Saw this picture in my feed this morning. Taken in 1978. 

WHOA that's huge. Man. This view makes that video so much more stunning 

Toyman!
Toyman! MegaDork
4/1/24 9:47 a.m.
codrus (Forum Supporter) said:
alfadriver said:

Well, the rudder is only really effective when the propeller is spinning or the ship is moving fast enough through the water to have any effect. So manual overrides are only so effective. More people doesn't make them more effective. 
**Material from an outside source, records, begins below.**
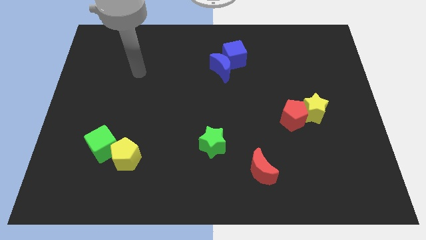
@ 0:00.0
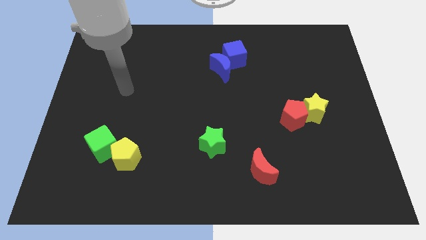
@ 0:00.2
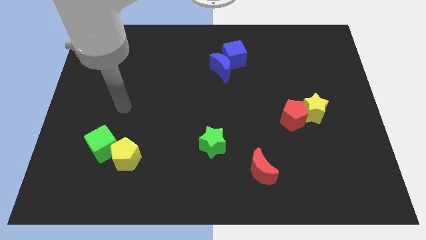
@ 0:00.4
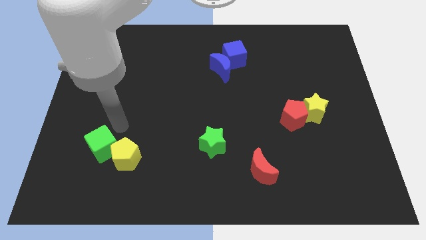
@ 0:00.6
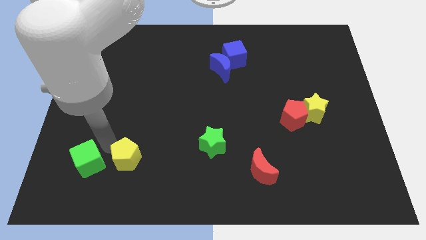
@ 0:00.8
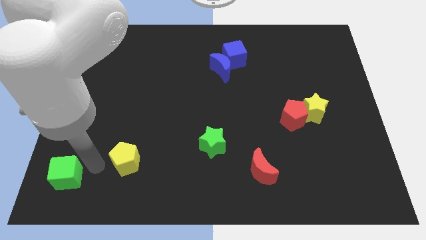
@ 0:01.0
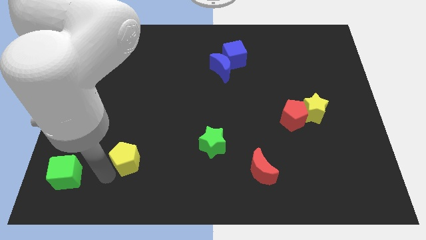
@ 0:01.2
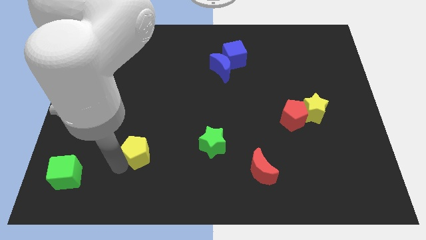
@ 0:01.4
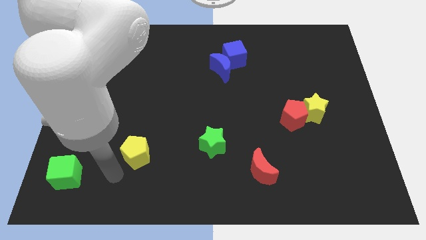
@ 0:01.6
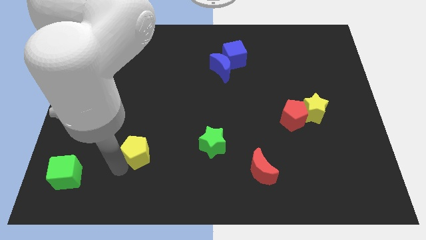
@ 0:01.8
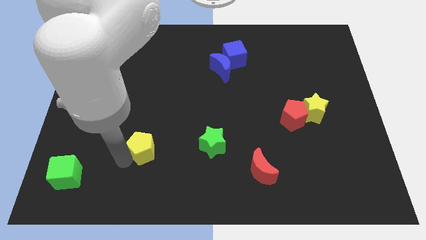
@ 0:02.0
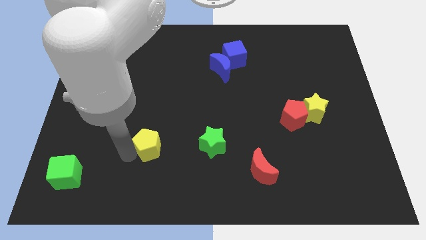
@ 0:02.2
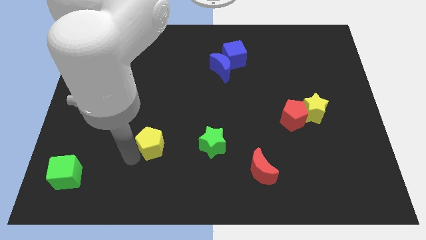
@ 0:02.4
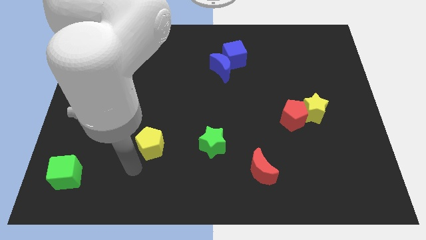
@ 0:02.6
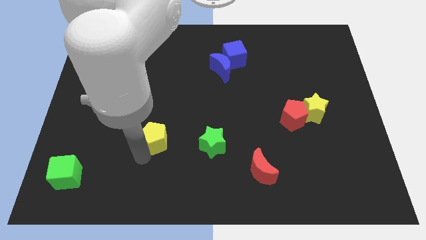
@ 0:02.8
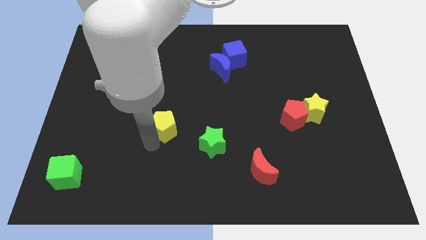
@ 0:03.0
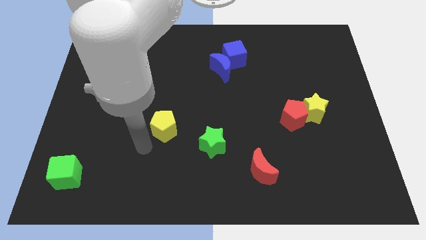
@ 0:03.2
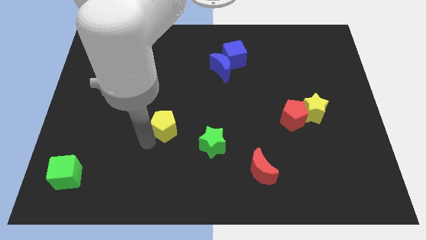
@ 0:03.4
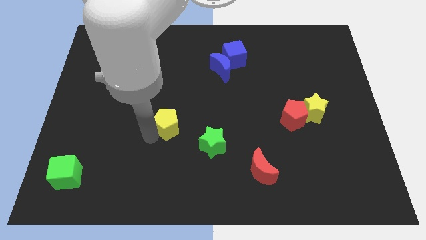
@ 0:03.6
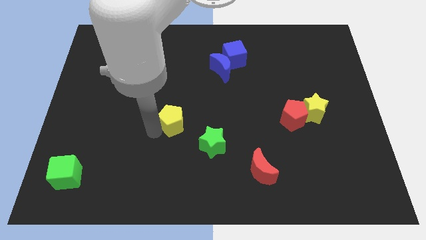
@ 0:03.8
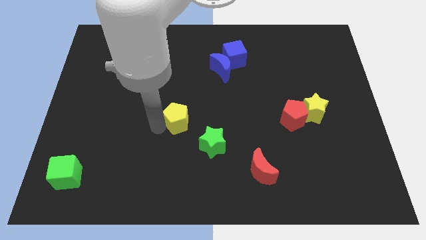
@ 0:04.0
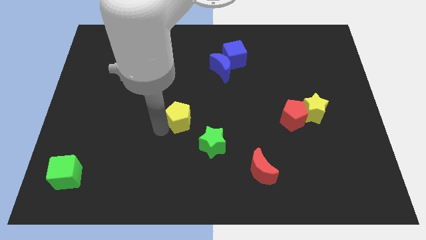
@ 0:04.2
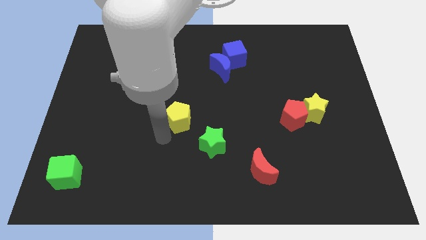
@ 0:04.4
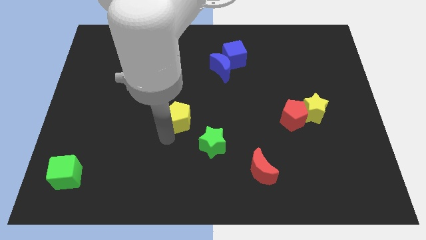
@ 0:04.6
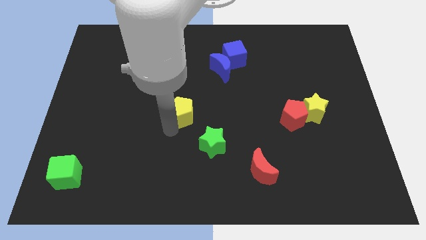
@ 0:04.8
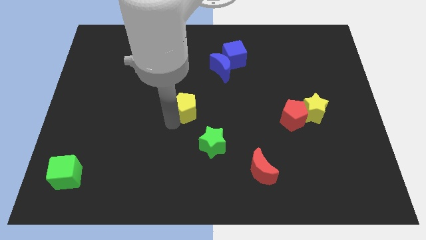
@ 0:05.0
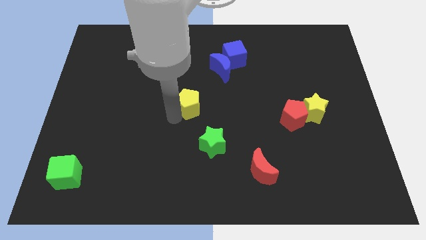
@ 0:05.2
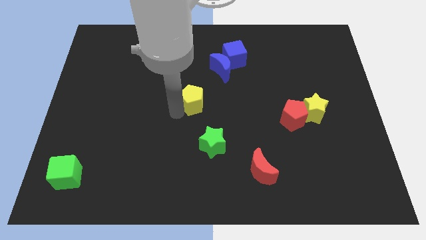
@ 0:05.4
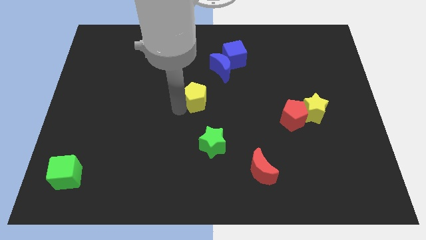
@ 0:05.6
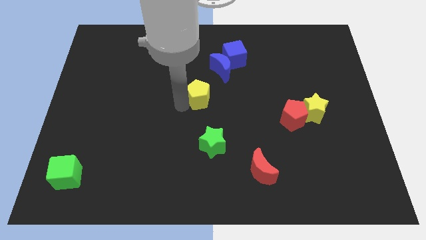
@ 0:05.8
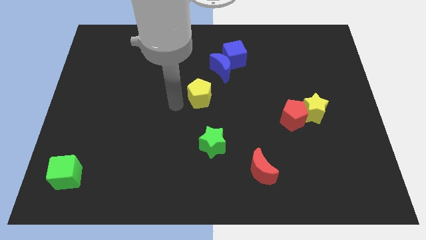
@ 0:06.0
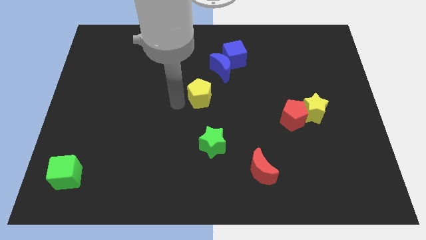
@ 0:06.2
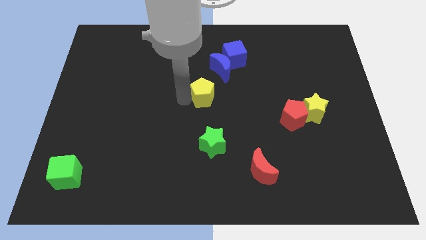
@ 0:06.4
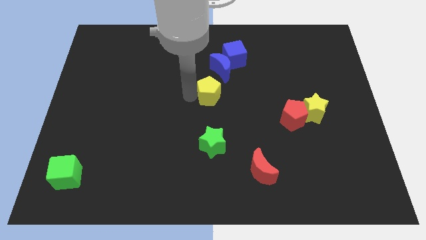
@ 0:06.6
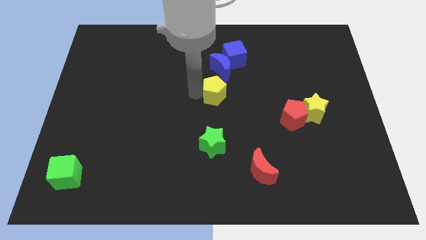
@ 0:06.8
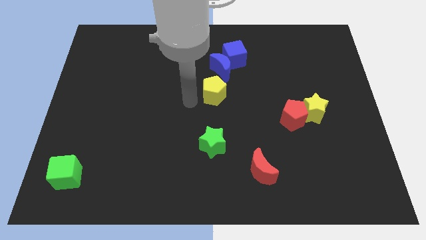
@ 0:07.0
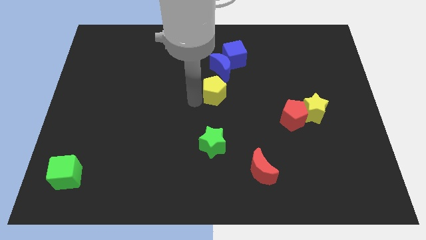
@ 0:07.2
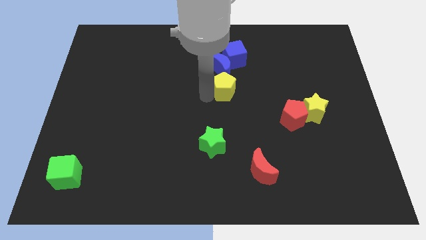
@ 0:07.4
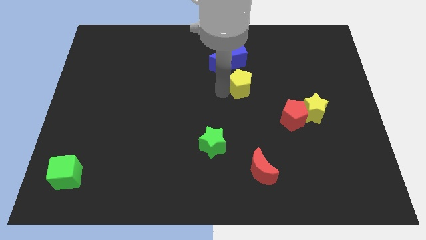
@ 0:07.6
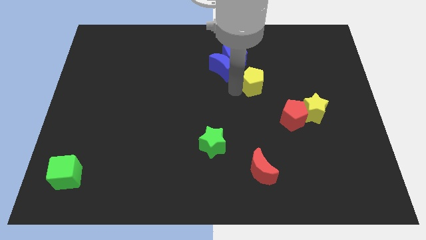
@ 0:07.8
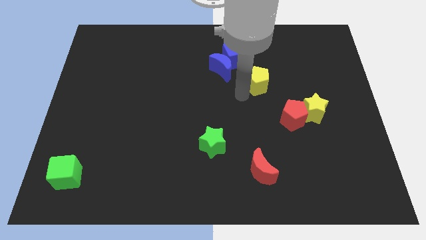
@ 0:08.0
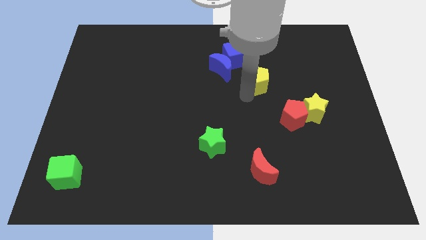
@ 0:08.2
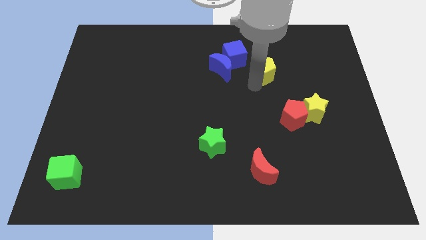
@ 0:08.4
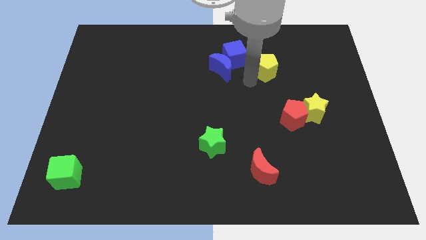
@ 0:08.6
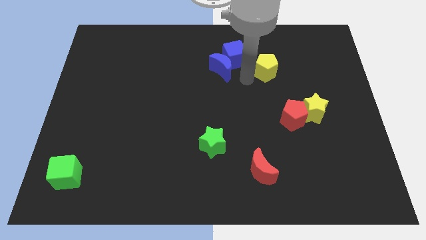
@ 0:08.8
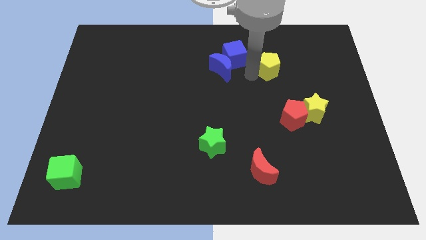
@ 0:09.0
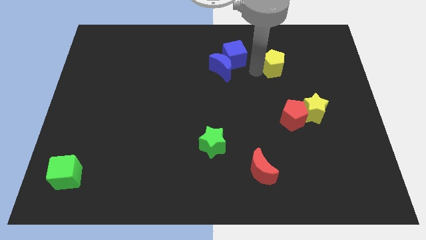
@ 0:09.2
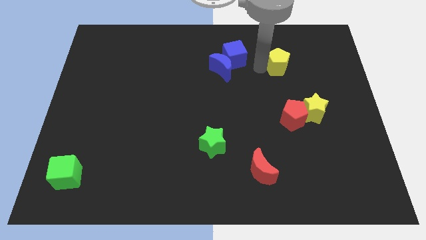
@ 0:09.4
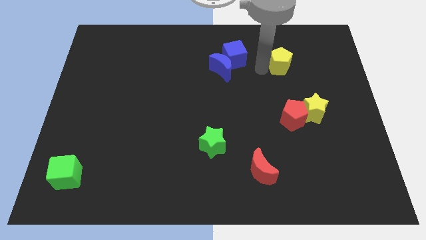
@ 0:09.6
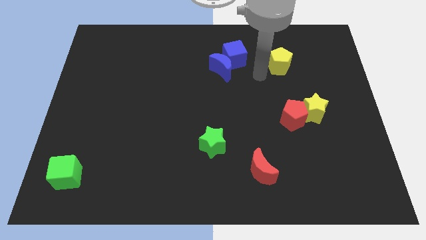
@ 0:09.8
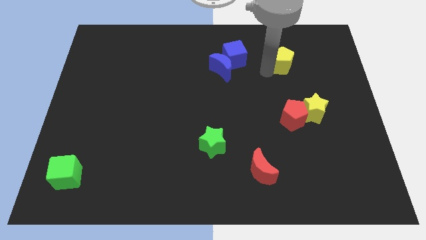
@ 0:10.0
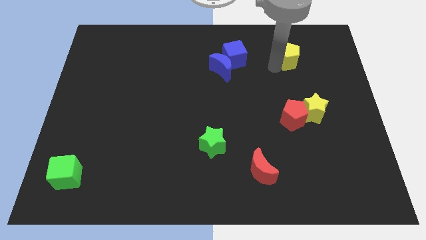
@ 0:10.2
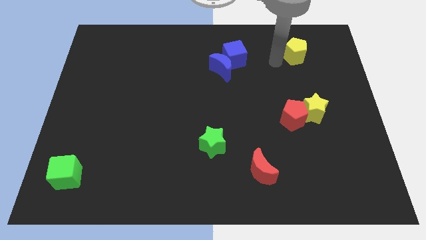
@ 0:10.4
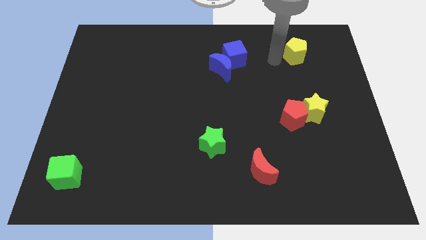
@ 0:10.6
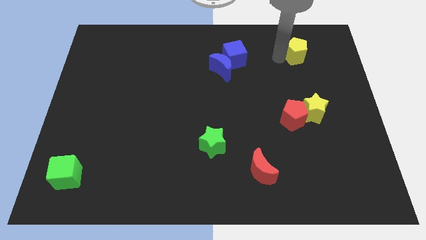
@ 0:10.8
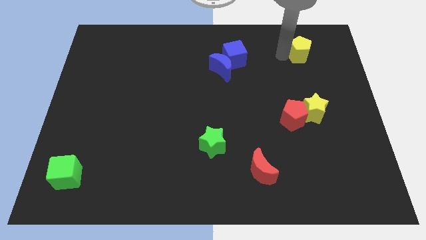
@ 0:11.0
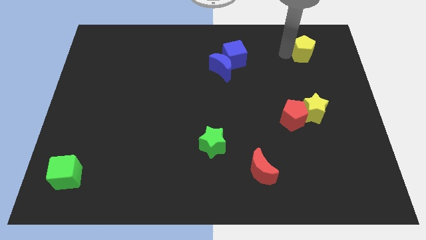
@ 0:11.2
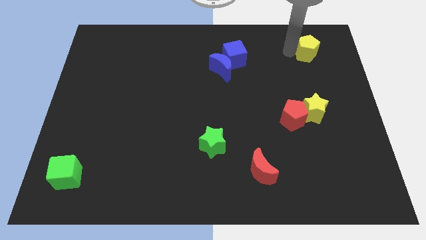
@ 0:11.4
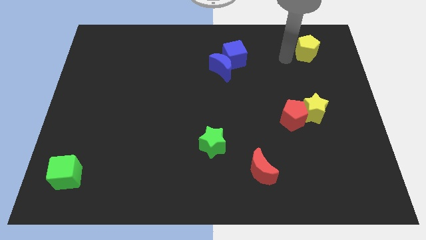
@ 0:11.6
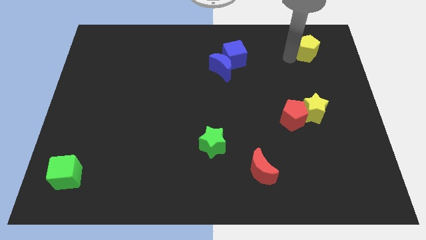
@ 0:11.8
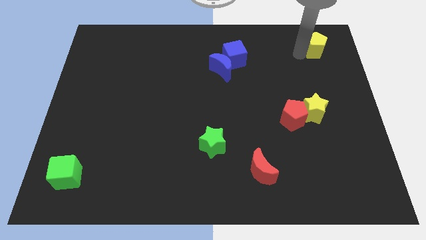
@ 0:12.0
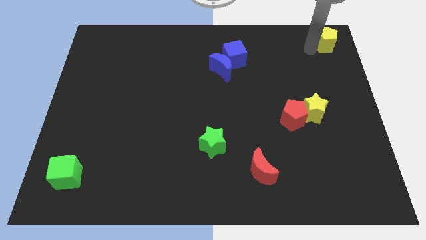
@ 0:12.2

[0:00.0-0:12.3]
slide the yellow pentagon to the upper right corner

My comment about rudders was intended more as a general example, we don't know enough details about this case yet to know if the rudder could have averted the disaster or not.  I have read articles from people in the industry suggesting that the 8 knot speed of the ship was fast enough that it could have, but we'll have to wait for the reports to come out to know for sure.

 

If it's anything like my single inboard boat, at low speeds the effectiveness of the rudder goes to zero as soon as you shift into reverse. At that point, prop-walk takes over and the stern goes wherever the prop pushes it. While you can use propwalk to maneuver a vessel, it's not consistent and dependent on the direction and strength of the tide and wind.